◆ **MATERIAL TO PROCESS**:
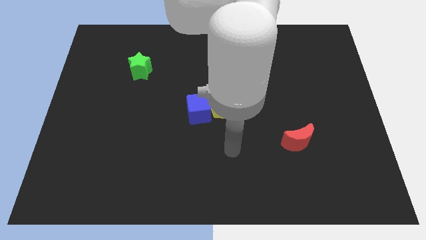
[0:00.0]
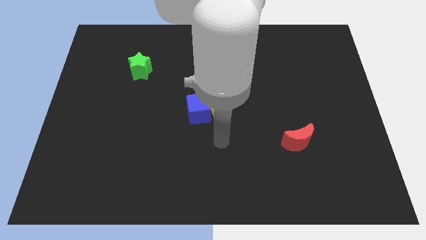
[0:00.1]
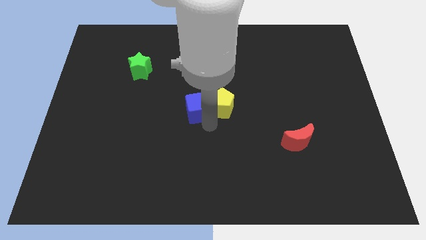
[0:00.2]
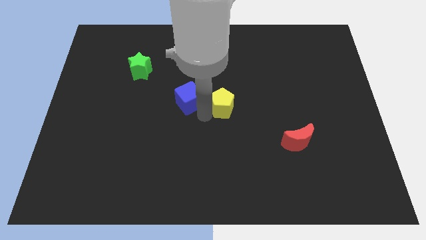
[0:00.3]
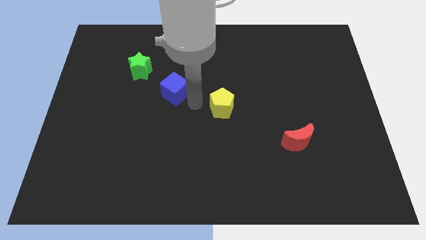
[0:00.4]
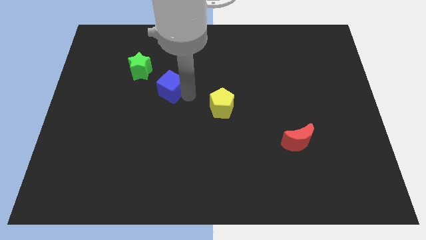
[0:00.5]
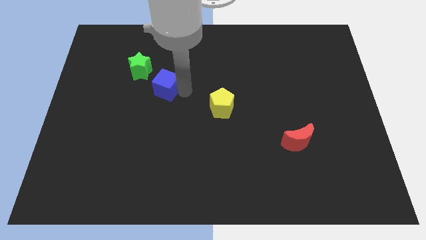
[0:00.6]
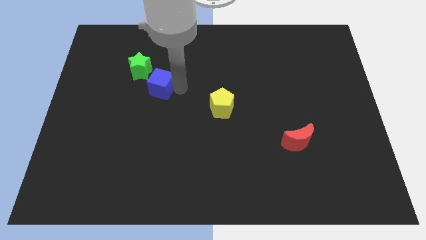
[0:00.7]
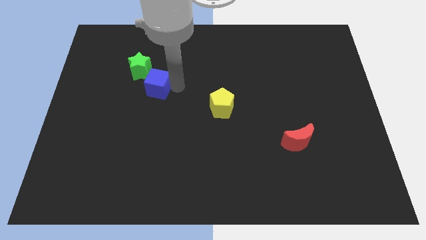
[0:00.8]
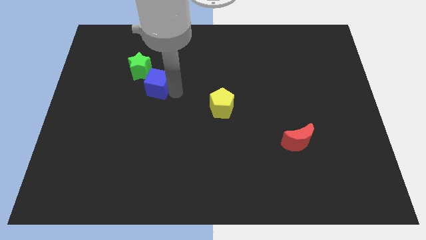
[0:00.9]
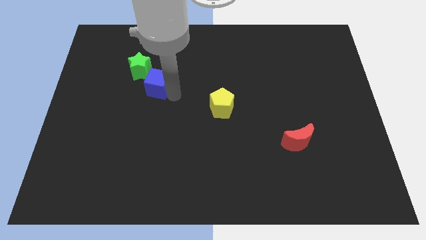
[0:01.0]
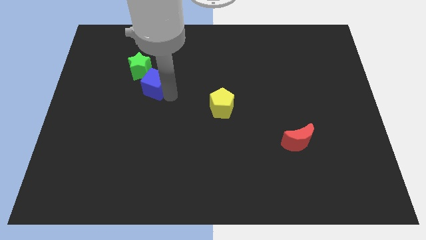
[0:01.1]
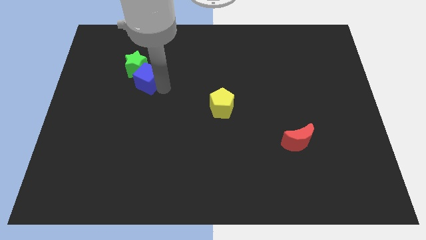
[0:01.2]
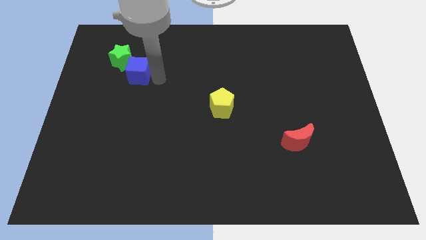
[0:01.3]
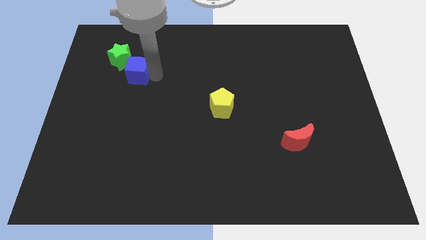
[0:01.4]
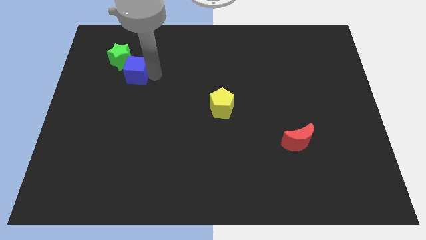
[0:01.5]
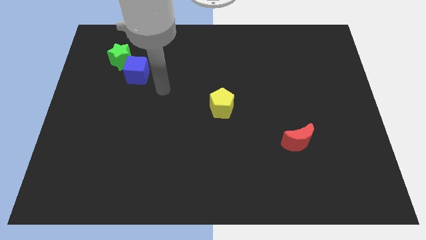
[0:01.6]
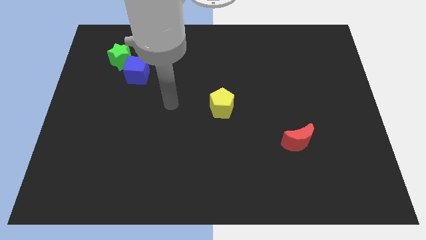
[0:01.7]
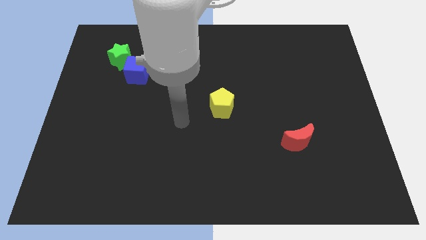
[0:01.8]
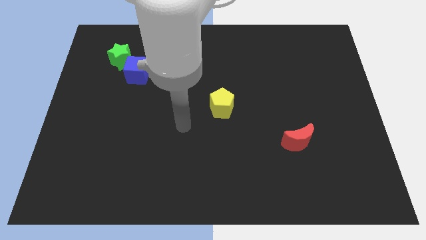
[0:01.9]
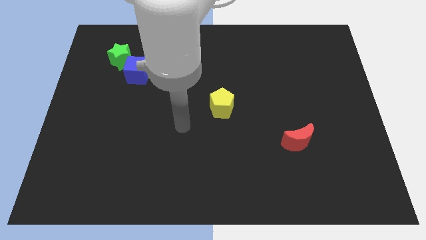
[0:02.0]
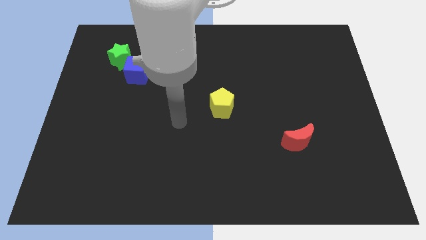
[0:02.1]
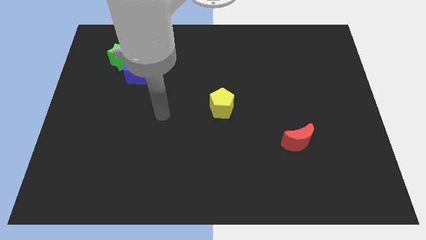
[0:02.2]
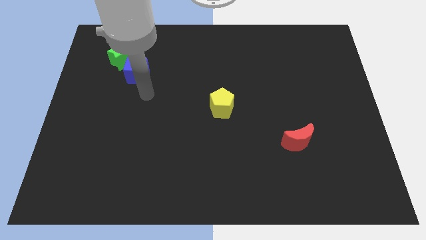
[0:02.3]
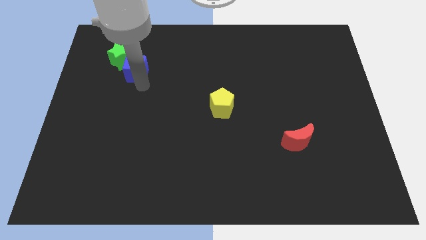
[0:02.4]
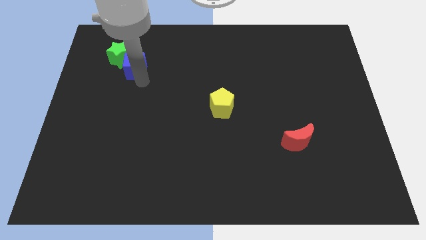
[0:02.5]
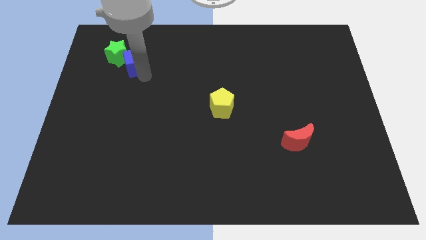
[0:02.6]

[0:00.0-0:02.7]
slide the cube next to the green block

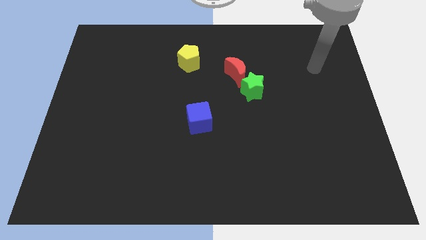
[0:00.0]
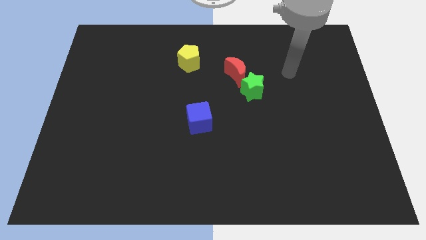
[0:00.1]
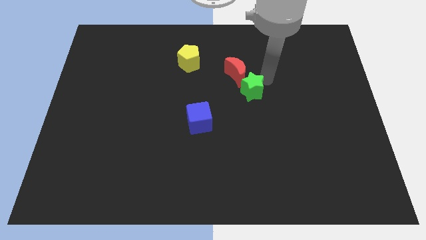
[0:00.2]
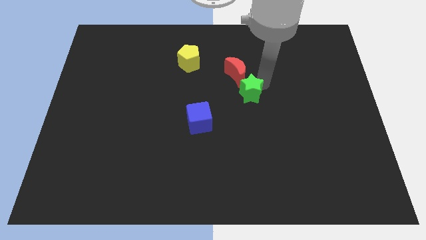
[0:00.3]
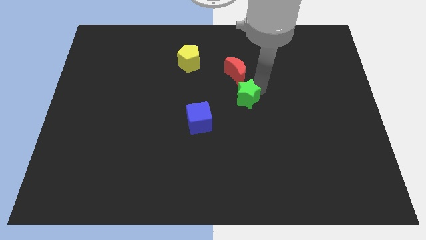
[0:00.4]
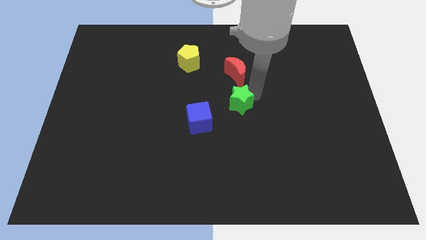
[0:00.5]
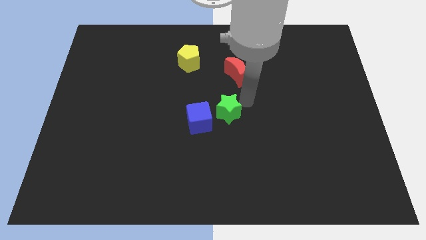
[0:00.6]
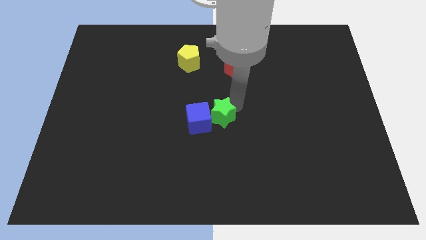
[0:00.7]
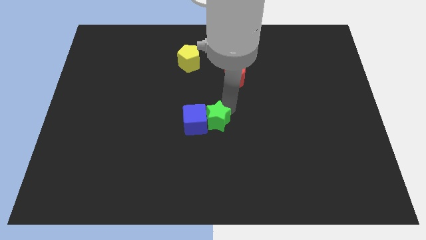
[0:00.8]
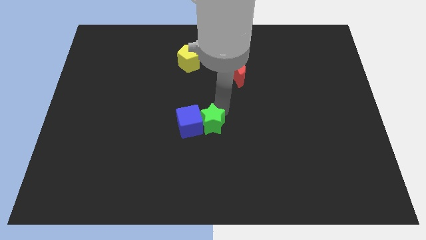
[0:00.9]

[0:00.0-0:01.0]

◆ **WHAT YOU WILL DO**: Retype every record as it stands. None of the pictures should appear.

◆ **EXERCISE ANSWER**:
[0:00.0]
[0:00.1]
[0:00.2]
[0:00.3]
[0:00.4]
[0:00.5]
[0:00.6]
[0:00.7]
[0:00.8]
[0:00.9]
[0:01.0]
[0:01.1]
[0:01.2]
[0:01.3]
[0:01.4]
[0:01.5]
[0:01.6]
[0:01.7]
[0:01.8]
[0:01.9]
[0:02.0]
[0:02.1]
[0:02.2]
[0:02.3]
[0:02.4]
[0:02.5]
[0:02.6]

[0:00.0-0:02.7]
slide the cube next to the green block

[0:00.0]
[0:00.1]
[0:00.2]
[0:00.3]
[0:00.4]
[0:00.5]
[0:00.6]
[0:00.7]
[0:00.8]
[0:00.9]

[0:00.0-0:01.0]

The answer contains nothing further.